Hubo un momento en el que los argentinos creyeron que la guerra que los atormentaba, una guerra sucia y desgraciada, colateral de la guerra fría- donde el eje de la acción bélica era la bomba, la huelga revolucionaria o el asesinato por la espalda en cualquier esquina del país, pero también el asalto a cuarteles y el bosque tucumano como remedo de un Vietnam autóctono- había terminado. Era tanto el deseo que así fuera que no se les ocurrió pensar que generalmente las expresiones de deseo casi nunca se cumplen.
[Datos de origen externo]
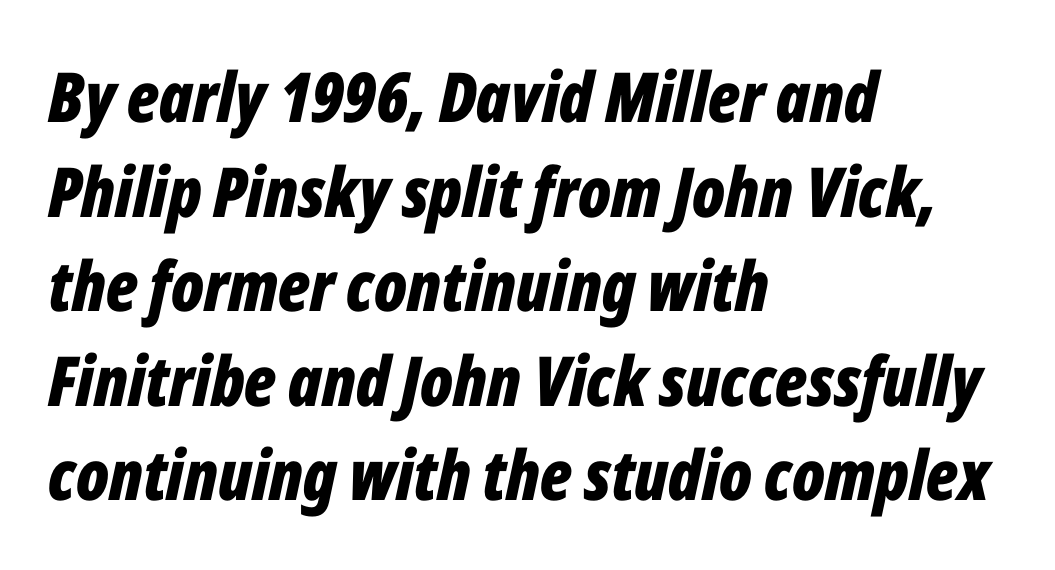
{"italic": "yes", "lean": "right", "slant_degrees": 12, "bold": "yes", "weight": "bold", "width": "condensed", "stroke_contrast": "low", "x_height": "medium", "monospaced": "no", "underline": "no", "align": "left", "line_spacing": "normal", "line_spacing_ratio": 1.37, "letter_spacing": "normal", "letter_spacing_em": 0.0, "glyph_px": 69}
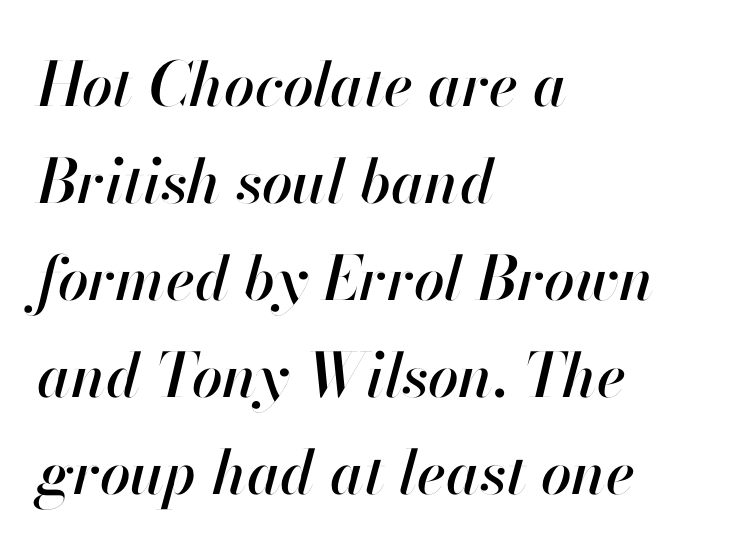
{"italic": "yes", "lean": "right", "slant_degrees": 13, "width": "normal", "stroke_contrast": "high", "x_height": "small", "monospaced": "no", "underline": "no", "align": "left", "line_spacing": "normal", "line_spacing_ratio": 1.59, "letter_spacing": "normal", "letter_spacing_em": 0.0, "glyph_px": 61}

Que fue la flaqueza moral de los políticos argentinos lo que llevó, ese 24 de marzo, a unos desconcertados militares a tomar el gobierno es algo que no necesita demostración, pero no exculpa a los mandos militares de este dislate ya que creían, a pie juntillas, que esa guerra era una continuación de la política y que, ganándola militarmente, ahí acababa todo.
Hoy, en Argentina 2021, la realidad se ríe del axioma de Clausewitz porque hace casi cuarenta años que estamos viviendo una política que es la continuación de esa guerra que no se supo manejar, ni menos aún, ganar. Ese día, el 24 de marzo de 1976, la República estaba ganando la guerra y ese mismo día, perdió la oportunidad de terminarla. ¿Por qué sucedió este desatino?
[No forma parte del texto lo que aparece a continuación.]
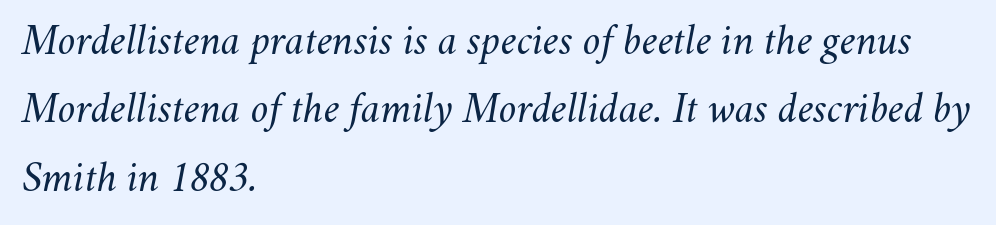
{"italic": "yes", "lean": "right", "slant_degrees": 11, "bold": "no", "weight": "regular", "width": "normal", "stroke_contrast": "medium", "x_height": "small", "monospaced": "no", "underline": "no", "align": "left", "line_spacing": "normal", "line_spacing_ratio": 1.59, "letter_spacing": "normal", "letter_spacing_em": 0.0, "glyph_px": 43}
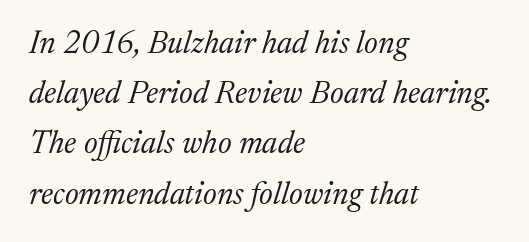
{"serif": "yes", "italic": "yes", "lean": "right", "slant_degrees": 17, "bold": "no", "weight": "light", "width": "normal", "stroke_contrast": "medium", "x_height": "medium", "monospaced": "no", "underline": "no", "align": "left", "line_spacing": "normal", "line_spacing_ratio": 1.57, "letter_spacing": "normal", "letter_spacing_em": 0.0, "glyph_px": 32}
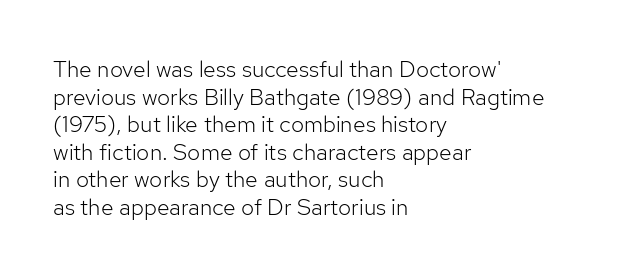
Q: Is the text bold? A: No.
Q: Is the text italic (slanted)? A: No, it is upright.
Q: Is the text underlined? A: No.
Q: How is the paragraph aligned? A: Left-aligned.
Q: Is the spacing between letters normal or unusually wide? A: Normal.
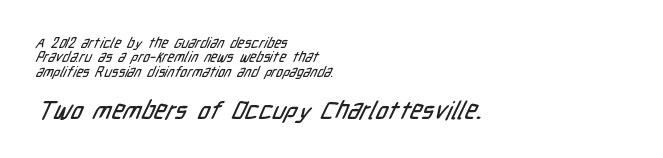
{"underline": "no", "align": "left", "line_spacing": "tight", "line_spacing_ratio": 1.02, "letter_spacing": "normal", "letter_spacing_em": 0.0, "larger_block": "second", "size_ratio": 1.79, "glyph_px": 25}
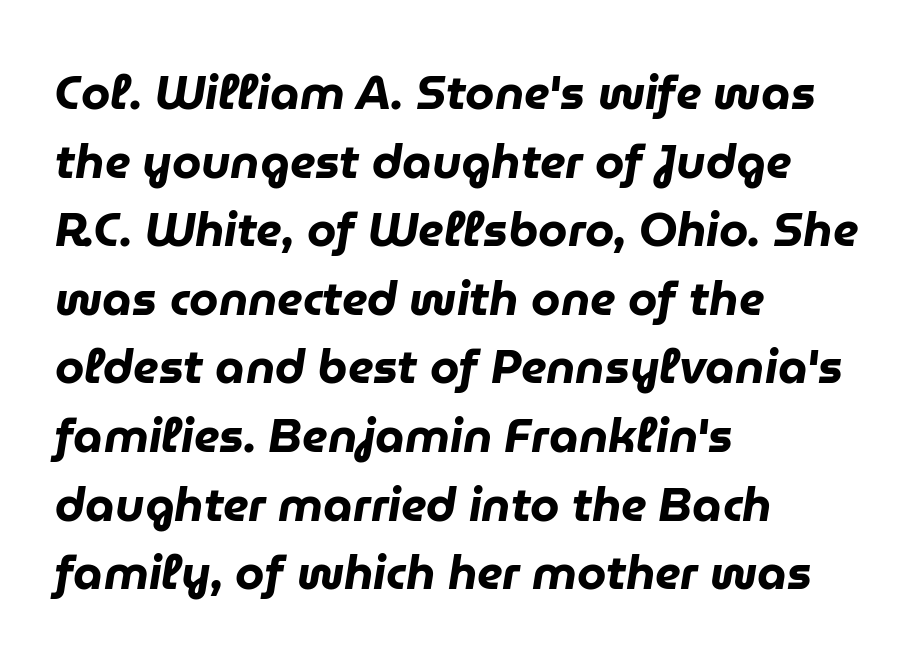
The image shows 47 px heavy type, italic (leaning right); set left-aligned, normal line spacing (1.46x), normal letter spacing, not underlined; low stroke contrast and a medium x-height.

Hay variadas razones que explicarían el desastre, pero solo una es, a mi modo de ver, aceptable y, aunque para muchos sea indecoroso mencionarla, lo que se vive hoy en la Argentina lo confirma. Ese día de marzo de hace cuarenta y cinco años un grupo de generales, almirantes y brigadieres impidieron, con su acción, que la guerra que se libraba en el territorio nacional, y que estaba circunscripta a las “orgas” terroristas y a las Fuerzas Armadas, se extendiera a toda la población, que esa guerra de facciones se convirtiera en una guerra civil hecha y derecha.
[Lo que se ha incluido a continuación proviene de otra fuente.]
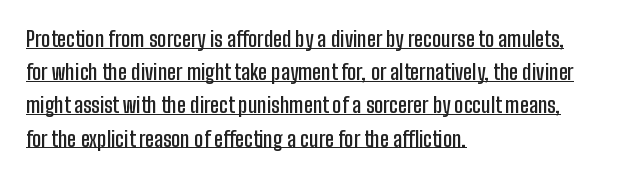
These lines sit exactly where default settings would place them. Line starts are locked; line ends wander. Stems and bowls a touch heavier than normal — semibold. Look at the tracking — it's just the regular setting, nothing added. Vertical strokes here are truly vertical. A typographer would call this underscored text.
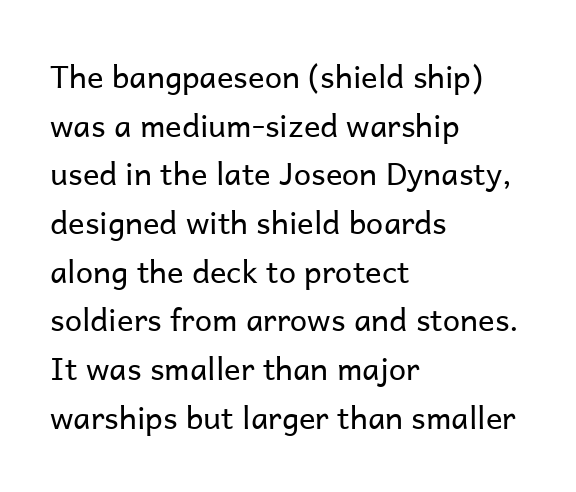
{"serif": "no", "italic": "no", "bold": "no", "weight": "regular", "width": "normal", "stroke_contrast": "low", "x_height": "medium", "monospaced": "no", "underline": "no", "align": "left", "line_spacing": "normal", "line_spacing_ratio": 1.57, "letter_spacing": "normal", "letter_spacing_em": 0.0, "glyph_px": 31}
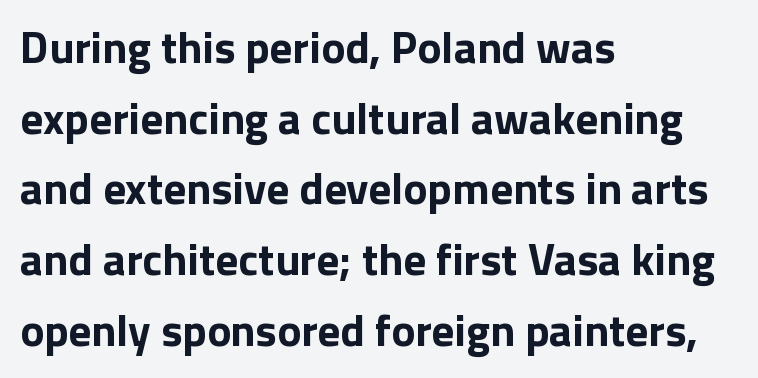
The passage shown has conventional tracking throughout. Anything drawn beneath the words? Only blank space. Is the block centered? No — it sits flush against the left margin. Upright lettering throughout. The leading is moderate, giving the passage an even texture.

Más allá del hecho que permitir a los civiles hacer la guerra a las “orgas”- fuera del servicio militar obligatorio- era la imagen plena de la Patria en armas, esta hubiera tenido también una consecuencia práctica que hoy sería inapreciable, si esa multitud que antes de marzo del ’76 pedía cadalsos y fusilamientos públicos hubieran tenido en sus manos la sangre de los terroristas muertos o desaparecidos otra sería la Argentina de hoy. A nadie, o a muy pocos, les preocuparía si el enemigo había dejado 10 o 30.000 cadáveres, ni si estaban enterrados o fondeados en el mar, porque fuera cual fuese el número, cada uno de ellos nos pertenecería a todos, y de esta manera, la guerra, sí hubiera terminado.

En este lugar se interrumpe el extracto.